**What the task requires**
Searching the material below, find each line that includes the word "road", and copy it.

*** Supplied data Section Begins ***

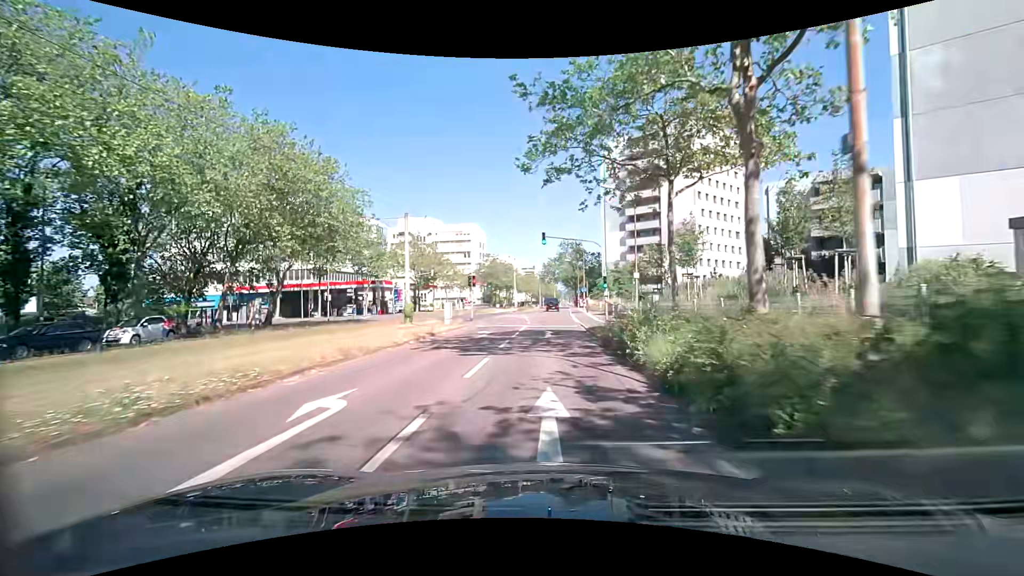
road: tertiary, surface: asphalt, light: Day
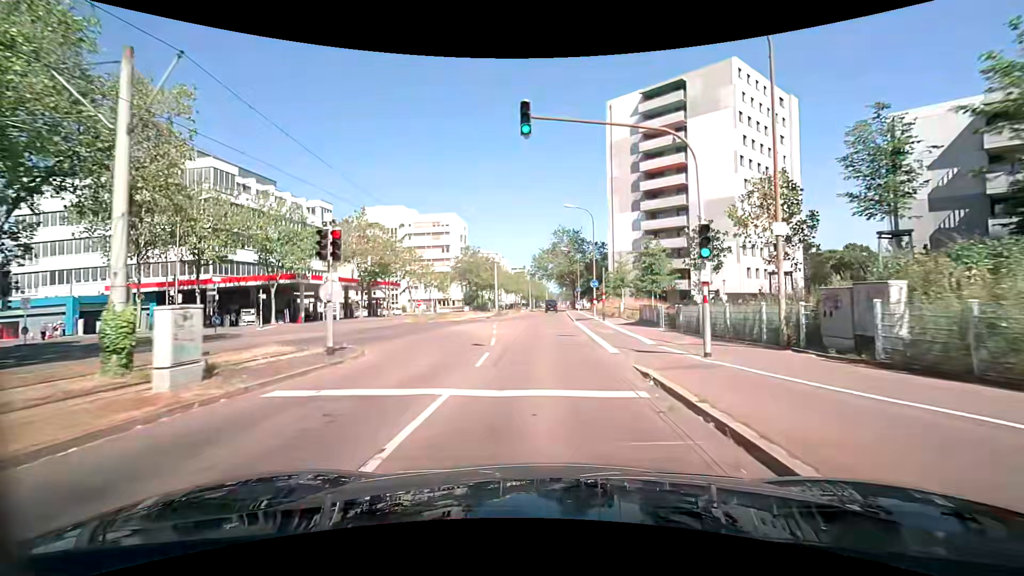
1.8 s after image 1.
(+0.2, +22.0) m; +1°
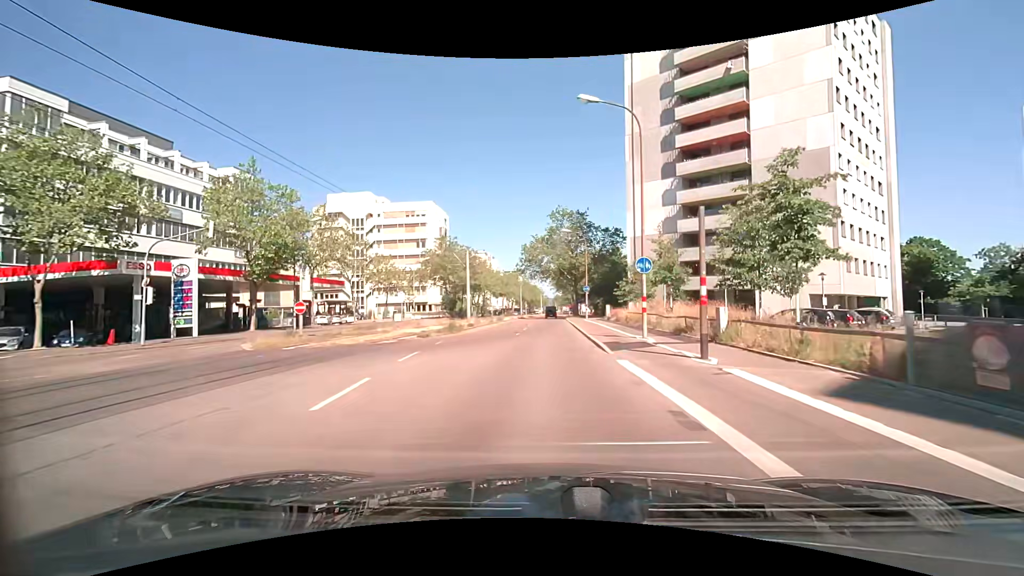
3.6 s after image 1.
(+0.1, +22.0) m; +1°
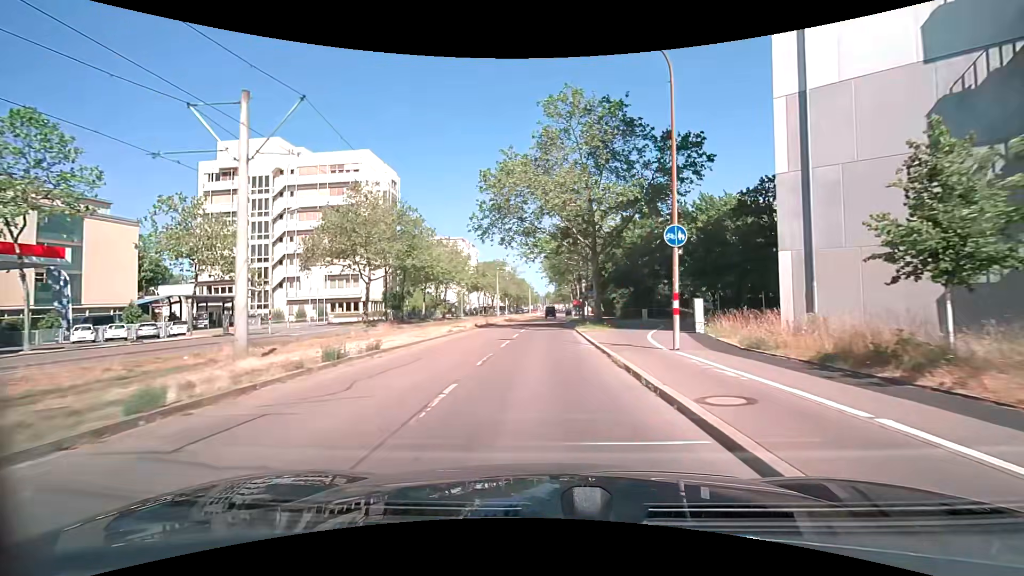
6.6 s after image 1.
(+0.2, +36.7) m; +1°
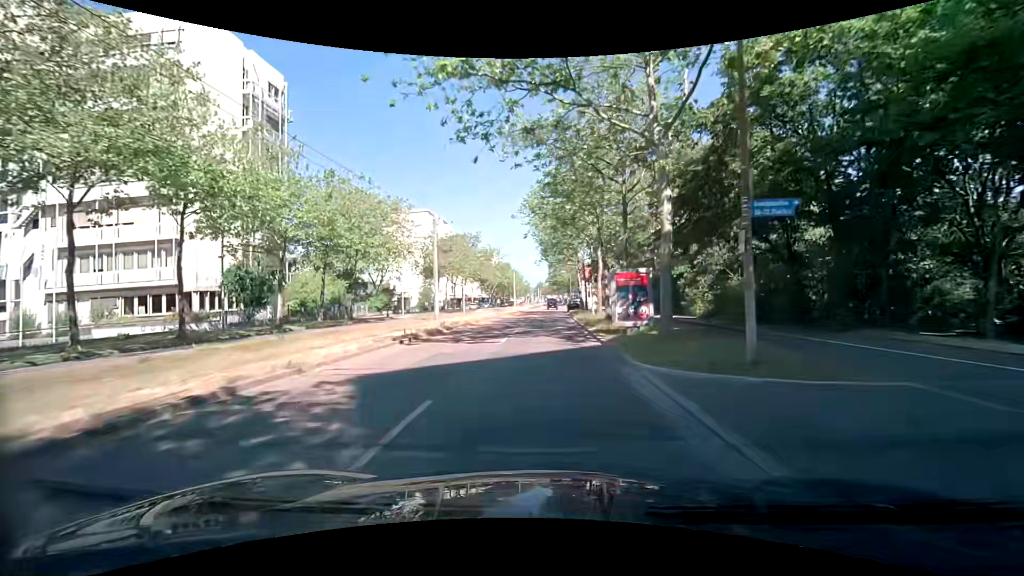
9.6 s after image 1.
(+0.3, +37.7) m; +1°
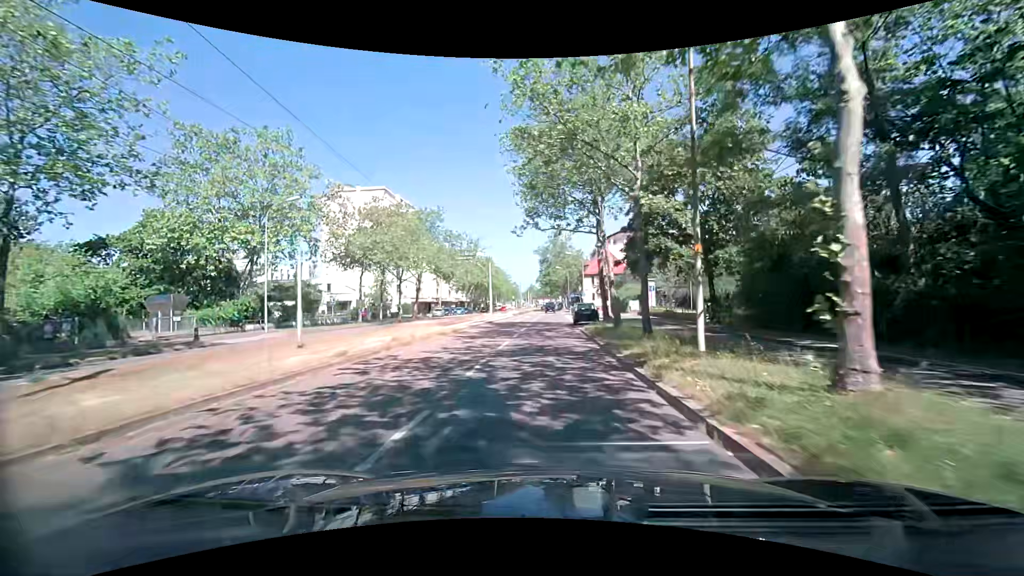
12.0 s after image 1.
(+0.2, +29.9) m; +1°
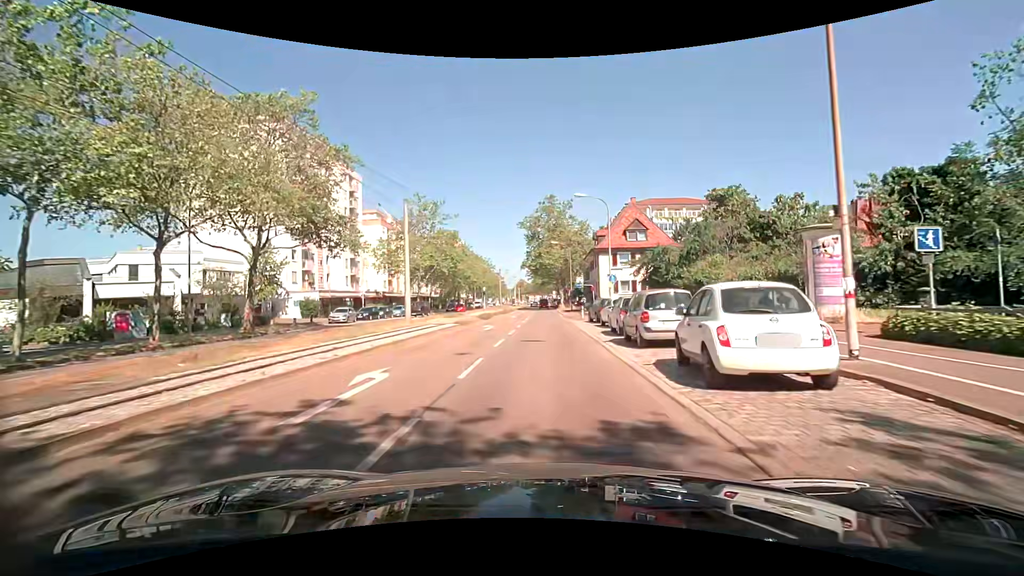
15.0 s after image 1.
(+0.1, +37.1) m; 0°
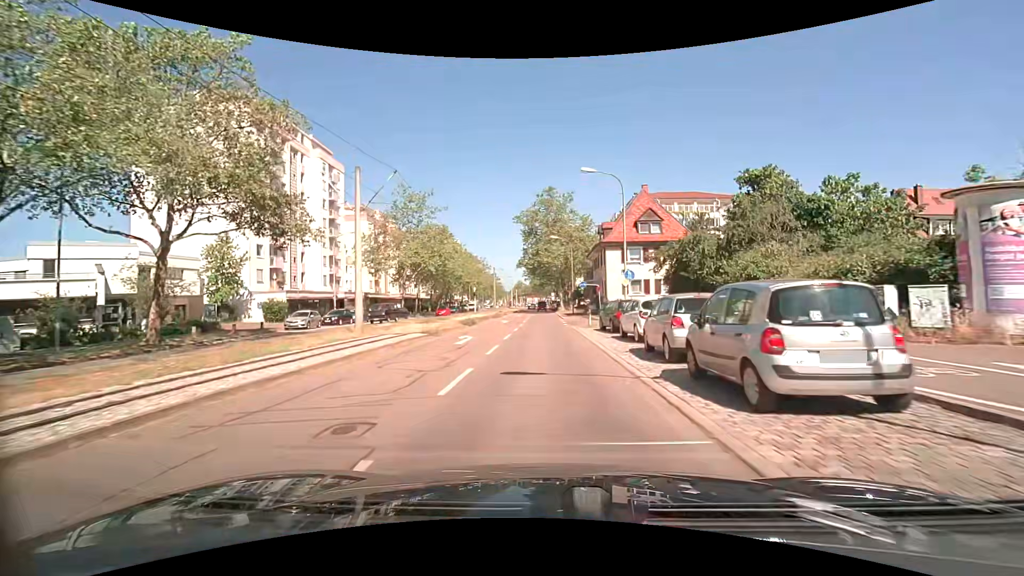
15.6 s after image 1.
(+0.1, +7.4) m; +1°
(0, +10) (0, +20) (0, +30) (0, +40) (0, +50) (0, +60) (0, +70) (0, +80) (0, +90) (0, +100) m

*** Supplied data Section Ends ***
*** Supplied data Section Begins ***

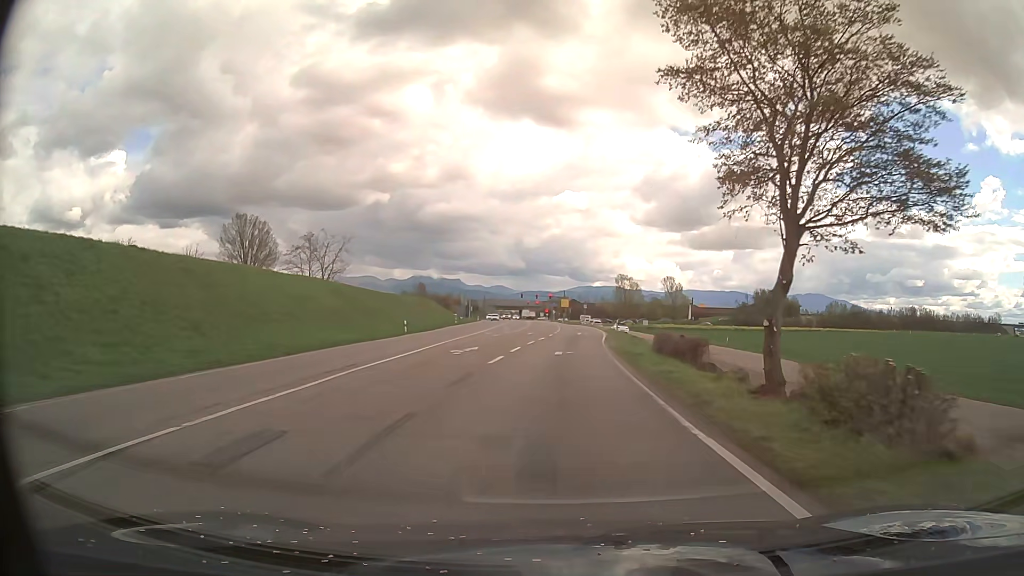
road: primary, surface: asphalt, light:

*** Supplied data Section Ends ***

**Expected answer**
road: tertiary, surface: asphalt, light: Day
road: primary, surface: asphalt, light:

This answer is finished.